About this task: Give the entries again exactly. Skip the pictures.

Records from a data collection
--- START ---
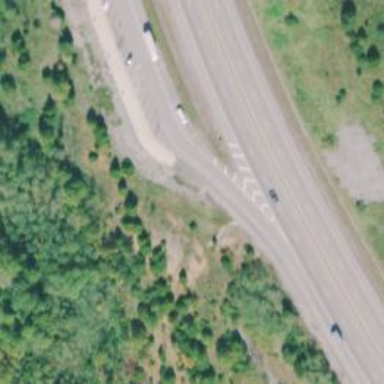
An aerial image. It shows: Tertiary link road.
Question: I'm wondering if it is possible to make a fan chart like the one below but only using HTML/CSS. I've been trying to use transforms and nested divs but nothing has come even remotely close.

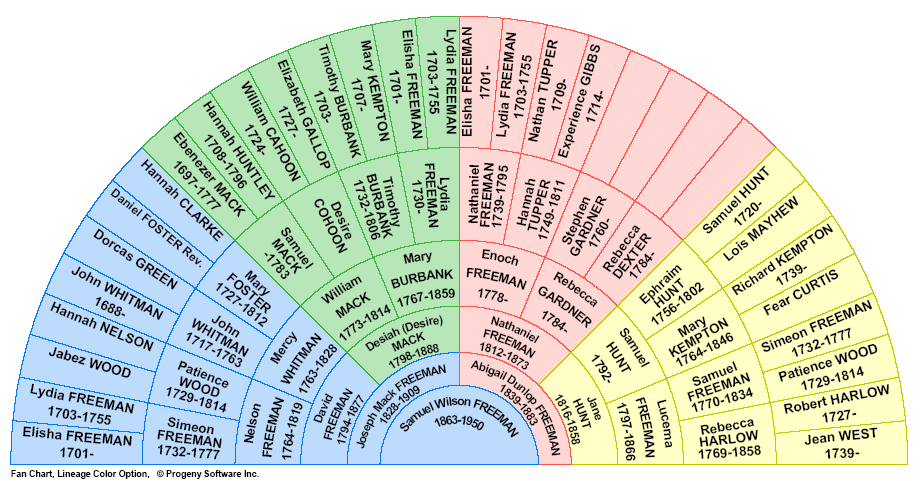
Answer: I would recommend the canvas. Just getting rotating text to work with css is a pain in the ass. I could imagine doing the text alone from your image above, but it would take so much work to implement. The shapes and lines is a whole other story. I imagine it's probably possible, but it probably wouldn't look good, and probably would be inefficient. The canvas is the way to go here.
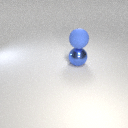
large blue rubber sphere above large blue metal sphere
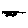
Label: fish
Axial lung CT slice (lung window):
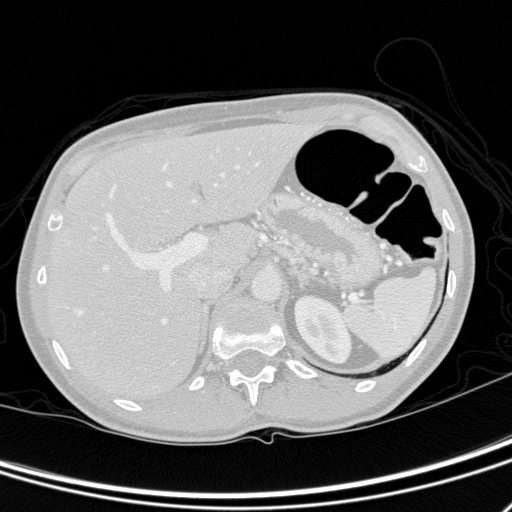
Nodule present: no
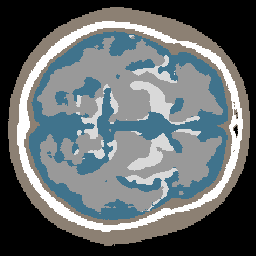
Label: no_lesion
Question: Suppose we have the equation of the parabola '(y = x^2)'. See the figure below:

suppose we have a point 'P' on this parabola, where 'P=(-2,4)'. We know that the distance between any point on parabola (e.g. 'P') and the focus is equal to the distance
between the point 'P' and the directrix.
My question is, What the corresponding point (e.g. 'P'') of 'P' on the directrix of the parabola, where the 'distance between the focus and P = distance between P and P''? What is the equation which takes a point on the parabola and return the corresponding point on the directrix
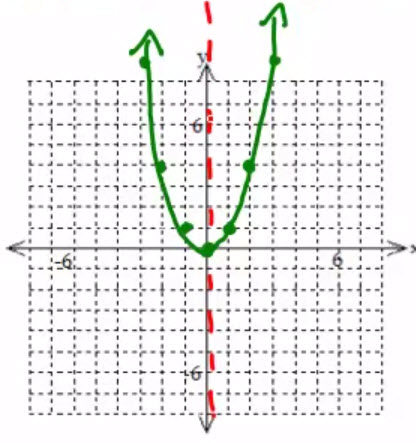
Answer: Since focus and directrix have equal distance from point on the parabola, they in particular have equal distance from the origin (0,0). You may assume that distance fo be d, so the focus would be at (0,d) and the directrix would be the line y=-d.
For any other point on the parabola, the squared distance to the line is
(y+d) =
(x+d) =
x + 2dx + d
and the squared distance to the focus is
x + (y-d) = x + (x-d) = x + x - 2dx + d
These two expressions should be equal, so their difference should be zero:
(x + 2dx + d) -
(x + x - 2dx + d) =
(4d-1)x
From this you can read d=1/4. So your directrix is y=-1/4 and your focus is (0,1/4).
The point on the directrix which corresponds to a point on the parabola is simply its orthogonal projection. So if you have P=(x,y)=(x,x) on the parabola, then you get P'=(x,-d)=P(x,-1/4).
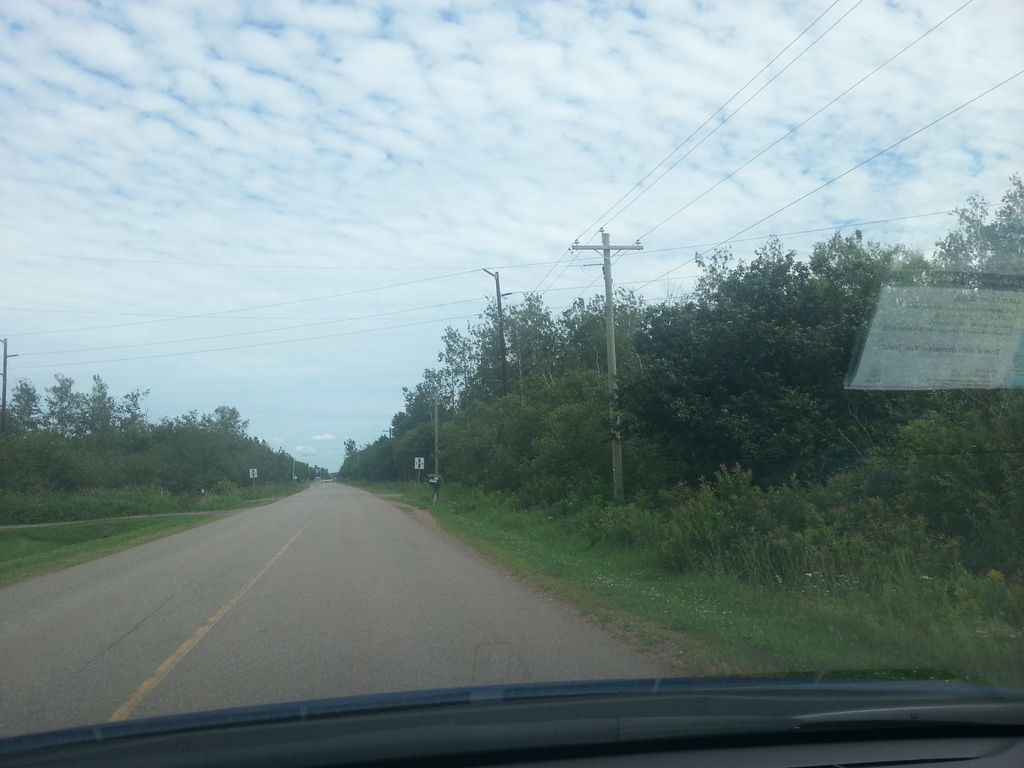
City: charlottetown
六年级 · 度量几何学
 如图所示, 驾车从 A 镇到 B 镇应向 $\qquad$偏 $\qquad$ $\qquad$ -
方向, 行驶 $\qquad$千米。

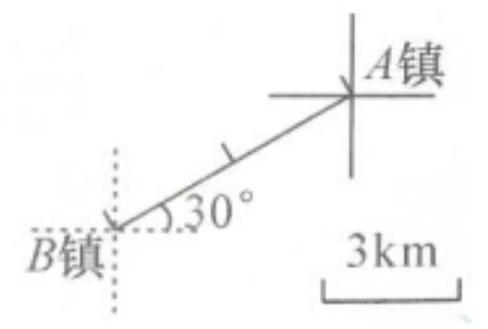
答案: 西; 南; $30 ; 6$
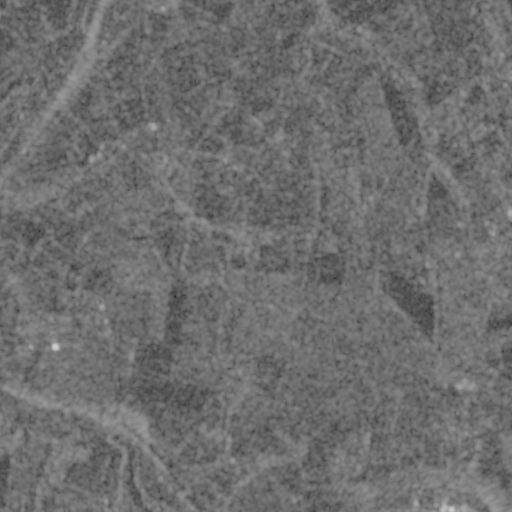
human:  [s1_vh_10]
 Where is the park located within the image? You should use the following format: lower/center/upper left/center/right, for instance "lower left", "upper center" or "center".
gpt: The park is located in the upper left of the image.
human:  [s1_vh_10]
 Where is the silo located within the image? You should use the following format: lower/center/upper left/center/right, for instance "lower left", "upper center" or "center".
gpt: The silo is located in the lower right of the image.
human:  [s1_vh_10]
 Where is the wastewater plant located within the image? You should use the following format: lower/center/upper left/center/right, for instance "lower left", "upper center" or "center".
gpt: The wastewater plant is located in the lower right of the image.
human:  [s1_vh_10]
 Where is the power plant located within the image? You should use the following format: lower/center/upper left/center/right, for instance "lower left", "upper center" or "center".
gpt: There is no power plant in the image.

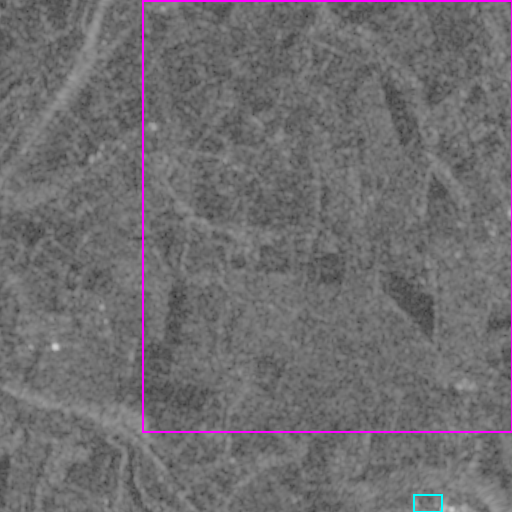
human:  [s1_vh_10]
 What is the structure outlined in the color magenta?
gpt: The structure outlined in magenta is a crop field.
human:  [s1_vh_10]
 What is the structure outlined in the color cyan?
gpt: The structure outlined in cyan is a wastewater plant.
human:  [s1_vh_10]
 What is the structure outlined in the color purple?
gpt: There is no purple outline.
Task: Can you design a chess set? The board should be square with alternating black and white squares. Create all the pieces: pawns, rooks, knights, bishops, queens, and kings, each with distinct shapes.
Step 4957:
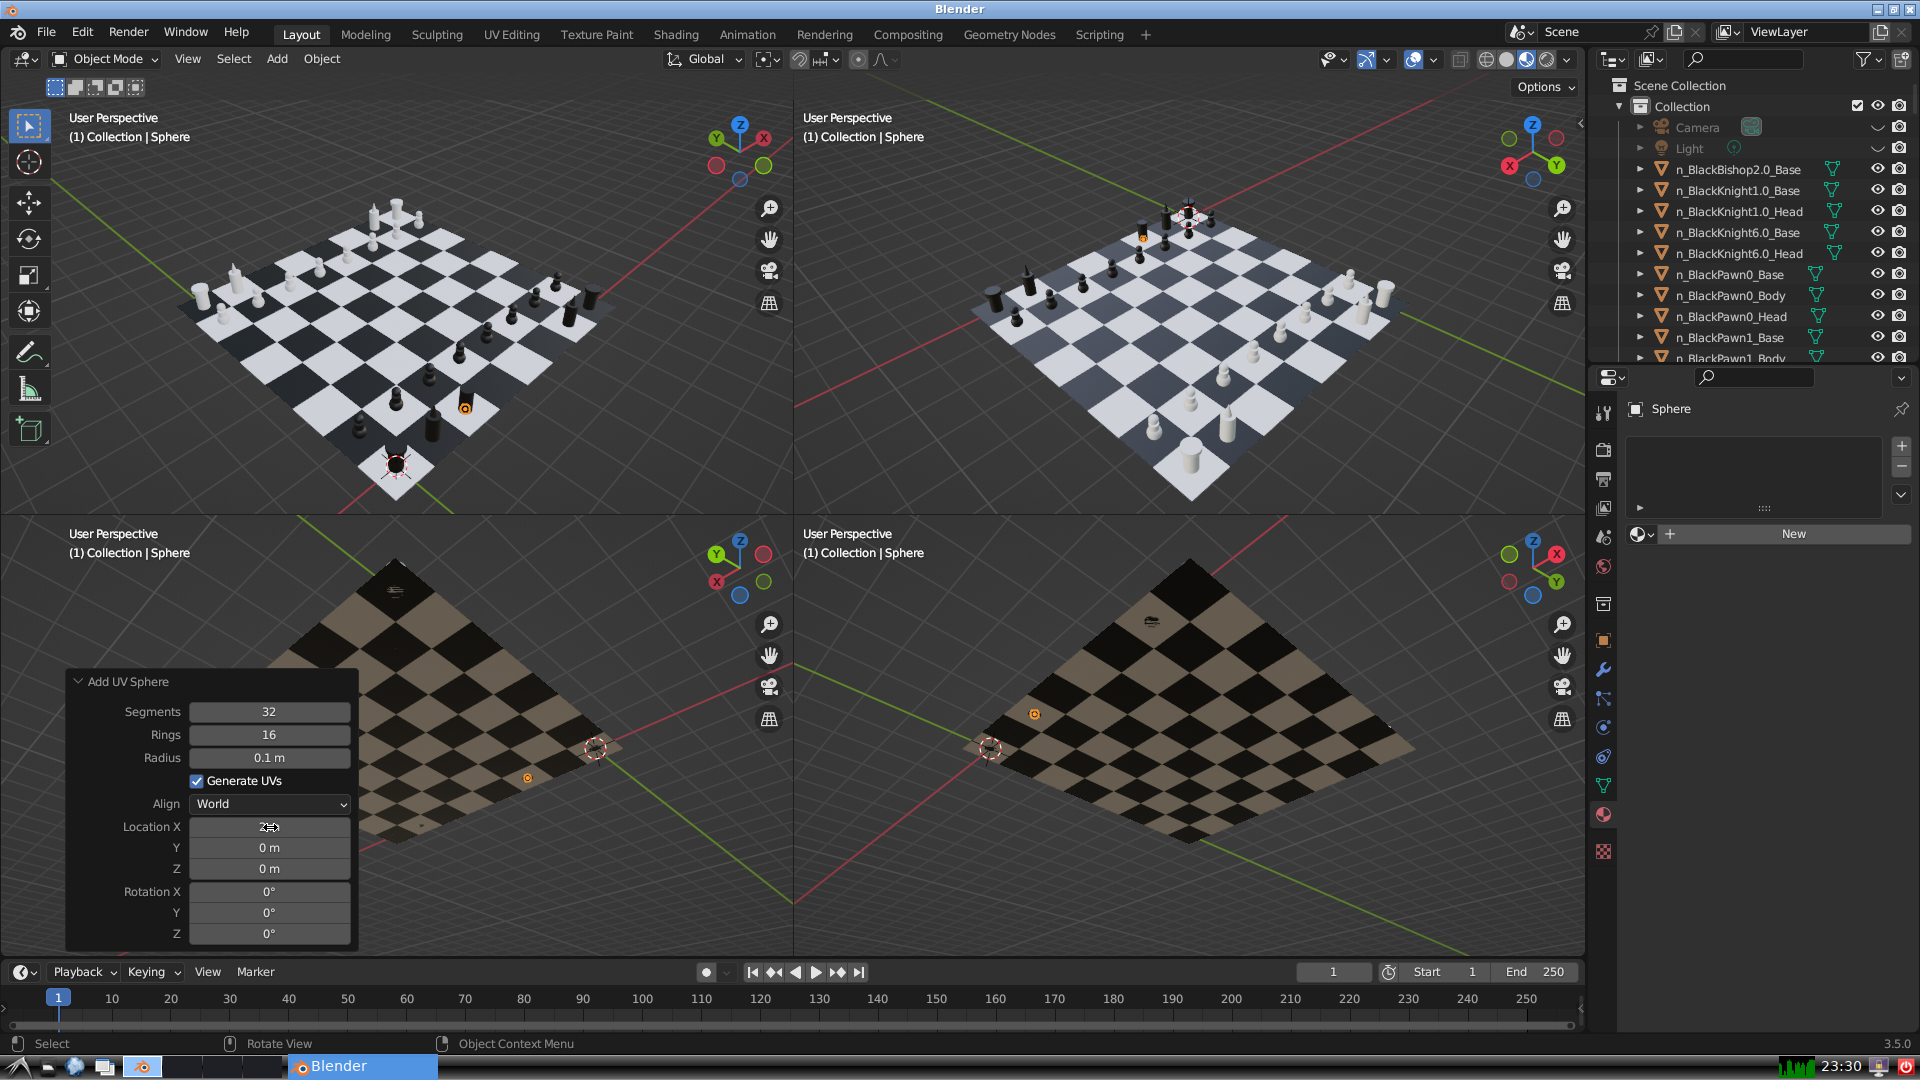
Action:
--- END ---
Answer area:
An aerial image. It shows: Tertiary link road.
Question: I'm wondering if it is possible to make a fan chart like the one below but only using HTML/CSS. I've been trying to use transforms and nested divs but nothing has come even remotely close.

Answer: I would recommend the canvas. Just getting rotating text to work with css is a pain in the ass. I could imagine doing the text alone from your image above, but it would take so much work to implement. The shapes and lines is a whole other story. I imagine it's probably possible, but it probably wouldn't look good, and probably would be inefficient. The canvas is the way to go here.
large blue rubber sphere above large blue metal sphere
Label: fish
Axial lung CT slice (lung window):
Nodule present: no
Label: no_lesion
Question: Suppose we have the equation of the parabola '(y = x^2)'. See the figure below:

suppose we have a point 'P' on this parabola, where 'P=(-2,4)'. We know that the distance between any point on parabola (e.g. 'P') and the focus is equal to the distance
between the point 'P' and the directrix.
My question is, What the corresponding point (e.g. 'P'') of 'P' on the directrix of the parabola, where the 'distance between the focus and P = distance between P and P''? What is the equation which takes a point on the parabola and return the corresponding point on the directrix
Answer: Since focus and directrix have equal distance from point on the parabola, they in particular have equal distance from the origin (0,0). You may assume that distance fo be d, so the focus would be at (0,d) and the directrix would be the line y=-d.
For any other point on the parabola, the squared distance to the line is
(y+d) =
(x+d) =
x + 2dx + d
and the squared distance to the focus is
x + (y-d) = x + (x-d) = x + x - 2dx + d
These two expressions should be equal, so their difference should be zero:
(x + 2dx + d) -
(x + x - 2dx + d) =
(4d-1)x
From this you can read d=1/4. So your directrix is y=-1/4 and your focus is (0,1/4).
The point on the directrix which corresponds to a point on the parabola is simply its orthogonal projection. So if you have P=(x,y)=(x,x) on the parabola, then you get P'=(x,-d)=P(x,-1/4).
City: charlottetown
六年级 · 度量几何学
 如图所示, 驾车从 A 镇到 B 镇应向 $\qquad$偏 $\qquad$ $\qquad$ -
方向, 行驶 $\qquad$千米。

答案: 西; 南; $30 ; 6$
human:  [s1_vh_10]
 Where is the park located within the image? You should use the following format: lower/center/upper left/center/right, for instance "lower left", "upper center" or "center".
gpt: The park is located in the upper left of the image.
human:  [s1_vh_10]
 Where is the silo located within the image? You should use the following format: lower/center/upper left/center/right, for instance "lower left", "upper center" or "center".
gpt: The silo is located in the lower right of the image.
human:  [s1_vh_10]
 Where is the wastewater plant located within the image? You should use the following format: lower/center/upper left/center/right, for instance "lower left", "upper center" or "center".
gpt: The wastewater plant is located in the lower right of the image.
human:  [s1_vh_10]
 Where is the power plant located within the image? You should use the following format: lower/center/upper left/center/right, for instance "lower left", "upper center" or "center".
gpt: There is no power plant in the image.

human:  [s1_vh_10]
 What is the structure outlined in the color magenta?
gpt: The structure outlined in magenta is a crop field.
human:  [s1_vh_10]
 What is the structure outlined in the color cyan?
gpt: The structure outlined in cyan is a wastewater plant.
human:  [s1_vh_10]
 What is the structure outlined in the color purple?
gpt: There is no purple outline.
Task: Can you design a chess set? The board should be square with alternating black and white squares. Create all the pieces: pawns, rooks, knights, bishops, queens, and kings, each with distinct shapes.
Step 4957:
Action:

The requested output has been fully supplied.